=== Items from a data source ===
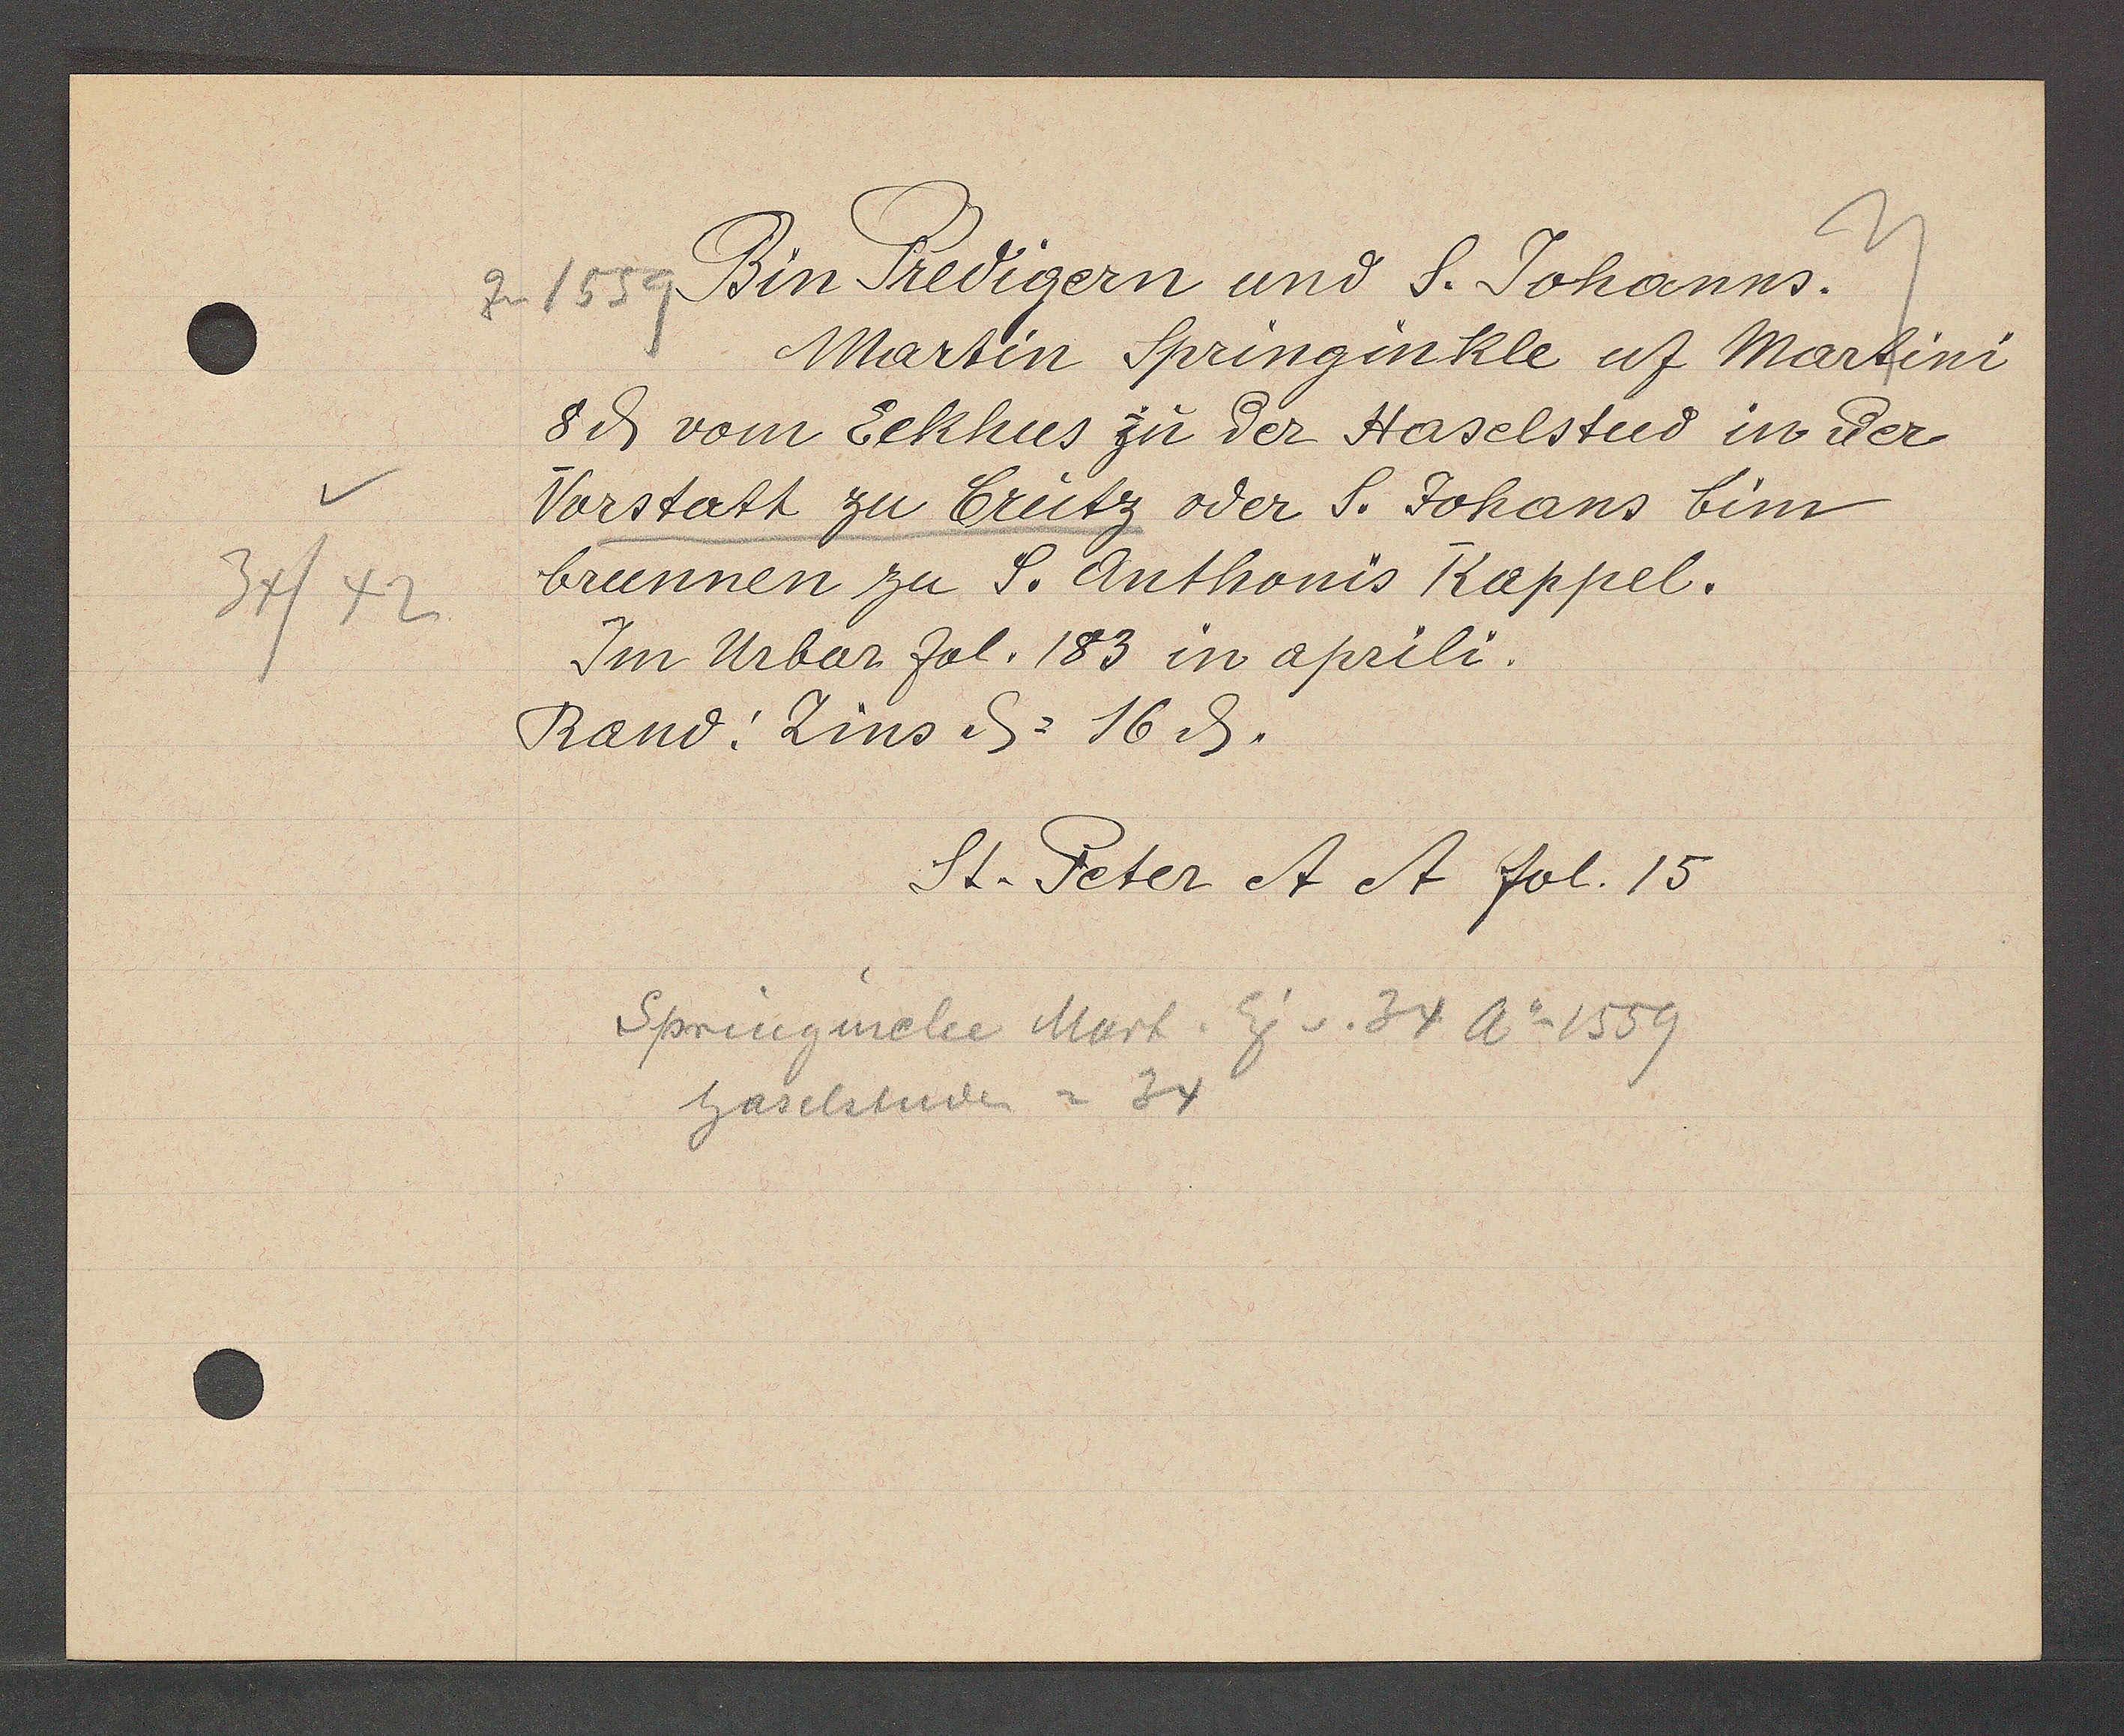
Transcript:
42
34

1559 Bin Predigern und S. Johanns.

Martin Springinkle uf Martini
8 ȡ vom Eckhus zu der Haselstud in der
Vorstatt zu Crutz oder S. Johans bim
brunnen zu S. Anthonis Kappel.
Im Urbar fol. 183 in aprili.
Rand: Zins ȡ = 16 ȡ.

St. Peter et et fol. 15

Springinelee Mart. Eig v. 34 Ao 1559
haselstuden = 34
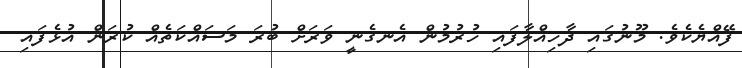
ފޭއްޔެކެވެ. މޫނުގައި ދާހިއްލާފައި ހުރުމުން އެނގެނީ ވަރަށް ބުރަ މަސައްކަތެއް ކުރަން އުޅެފައި
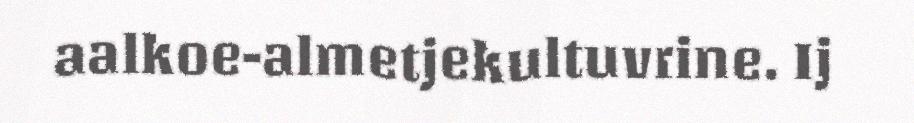
aalkoe-almetjekultuvrine. Ij
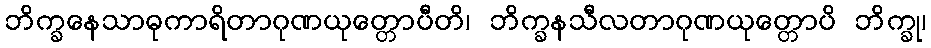
ဘိက္ခနေသာဓုကာရိတာဂုဏယုတ္တောပီတိ၊ ဘိက္ခနသီလတာဂုဏယုတ္တောပိ ဘိက္ခု၊
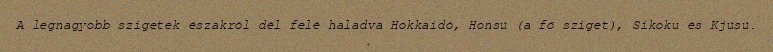
A legnagyobb szigetek északról dél felé haladva Hokkaidó, Honsú (a fő sziget), Sikoku és Kjúsú.
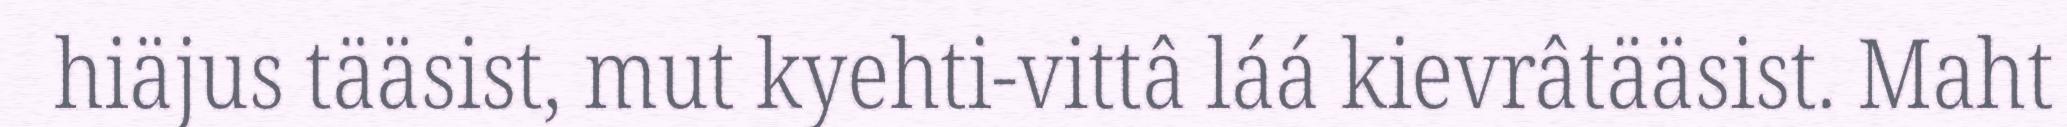
hiäjus tääsist, mut kyehti-vittâ láá kievrâtääsist. Maht
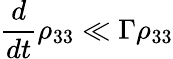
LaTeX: \frac{d}{dt}\rho_{33}\ll\Gamma\rho_{33}
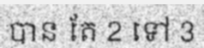
បាន តែ 2 ទៅ 3
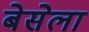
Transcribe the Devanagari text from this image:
बेसेला
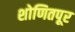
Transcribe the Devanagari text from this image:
शोणितपूर
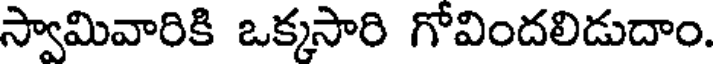
స్వామివారికి ఒక్కసారి గోవిందలిడుదాం.
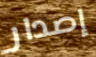
إصدار
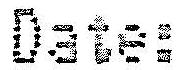
DATE:
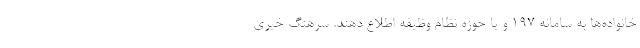
خانواده‌ها به سامانه ۱۹۷ و یا حوزه نظام وظیفه اطلاع دهند. سرهنگ خیری
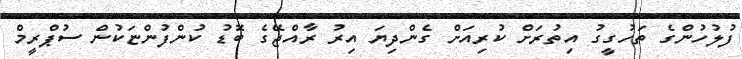
ފުލުހުންގެ ތަހުގީގު އިތުރަށް ކުރިއަށް ގެންދިޔަ އިރު ރާއްޖޭގެ ބޮޑު ކުންފުންޏަކުން ސުޕްރީމް
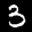
Label: 3
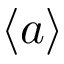
\langle a \rangle
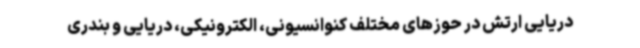
دریایی ارتش در حوزهای مختلف کنوانسیونی، الکترونیکی، دریایی و بندری
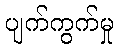
ပျက်ကွက်မှု
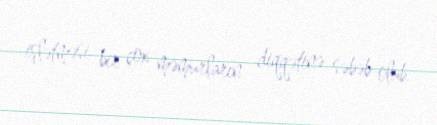
işlətməsi bir çox məmurların diqqətinə səbəb olub.
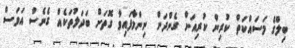
ބިލްގެ މަސައްކަތް ކުރިން ކުރިއަށް ގެންދަން ނިންމާފައިވާ ގޮތަށް ބަދަލުތަކެއް ގެނެސް އަވަސް
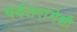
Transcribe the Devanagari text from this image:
पर्वतरांगेशी
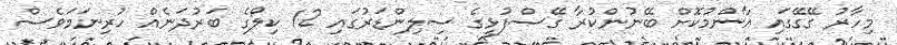
މިހާރު ގޭގޭގައި އާންމުކޮށް ބޭނުންކުރާ ގޭސްފުޅީގެ ސިލިންޑަރުގައި 12 ކިލޯގެ ބަރުދަނެއް ހުރިނަމަވެސް
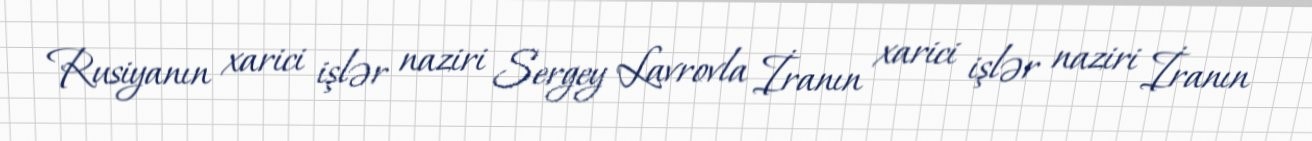
Rusiyanın xarici işlər naziri Sergey Lavrovla İranın xarici işlər naziri İranın
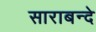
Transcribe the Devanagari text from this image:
साराबन्दे
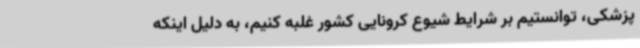
پزشکی، توانستیم بر شرایط شیوع کرونایی کشور غلبه کنیم، به دلیل اینکه
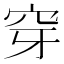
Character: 穿

=== Task requirements ===
Copy out every line above, word for word, minus images.

=== Written solution ===
Transcript:
42
34

1559 Bin Predigern und S. Johanns.

Martin Springinkle uf Martini
8 ȡ vom Eckhus zu der Haselstud in der
Vorstatt zu Crutz oder S. Johans bim
brunnen zu S. Anthonis Kappel.
Im Urbar fol. 183 in aprili.
Rand: Zins ȡ = 16 ȡ.

St. Peter et et fol. 15

Springinelee Mart. Eig v. 34 Ao 1559
haselstuden = 34
ފޭއްޔެކެވެ. މޫނުގައި ދާހިއްލާފައި ހުރުމުން އެނގެނީ ވަރަށް ބުރަ މަސައްކަތެއް ކުރަން އުޅެފައި
aalkoe-almetjekultuvrine. Ij
ဘိက္ခနေသာဓုကာရိတာဂုဏယုတ္တောပီတိ၊ ဘိက္ခနသီလတာဂုဏယုတ္တောပိ ဘိက္ခု၊
A legnagyobb szigetek északról dél felé haladva Hokkaidó, Honsú (a fő sziget), Sikoku és Kjúsú.
hiäjus tääsist, mut kyehti-vittâ láá kievrâtääsist. Maht
LaTeX: \frac{d}{dt}\rho_{33}\ll\Gamma\rho_{33}
បាន តែ 2 ទៅ 3
Transcribe the Devanagari text from this image:
बेसेला
Transcribe the Devanagari text from this image:
शोणितपूर
స్వామివారికి ఒక్కసారి గోవిందలిడుదాం.
إصدار
DATE:
خانواده‌ها به سامانه ۱۹۷ و یا حوزه نظام وظیفه اطلاع دهند. سرهنگ خیری
ފުލުހުންގެ ތަހުގީގު އިތުރަށް ކުރިއަށް ގެންދިޔަ އިރު ރާއްޖޭގެ ބޮޑު ކުންފުންޏަކުން ސުޕްރީމް
Label: 3
\langle a \rangle
دریایی ارتش در حوزهای مختلف کنوانسیونی، الکترونیکی، دریایی و بندری
ပျက်ကွက်မှု
işlətməsi bir çox məmurların diqqətinə səbəb olub.
ބިލްގެ މަސައްކަތް ކުރިން ކުރިއަށް ގެންދަން ނިންމާފައިވާ ގޮތަށް ބަދަލުތަކެއް ގެނެސް އަވަސް
Transcribe the Devanagari text from this image:
पर्वतरांगेशी
މިހާރު ގޭގޭގައި އާންމުކޮށް ބޭނުންކުރާ ގޭސްފުޅީގެ ސިލިންޑަރުގައި 12 ކިލޯގެ ބަރުދަނެއް ހުރިނަމަވެސް
Rusiyanın xarici işlər naziri Sergey Lavrovla İranın xarici işlər naziri İranın
Transcribe the Devanagari text from this image:
साराबन्दे
پزشکی، توانستیم بر شرایط شیوع کرونایی کشور غلبه کنیم، به دلیل اینکه
Character: 穿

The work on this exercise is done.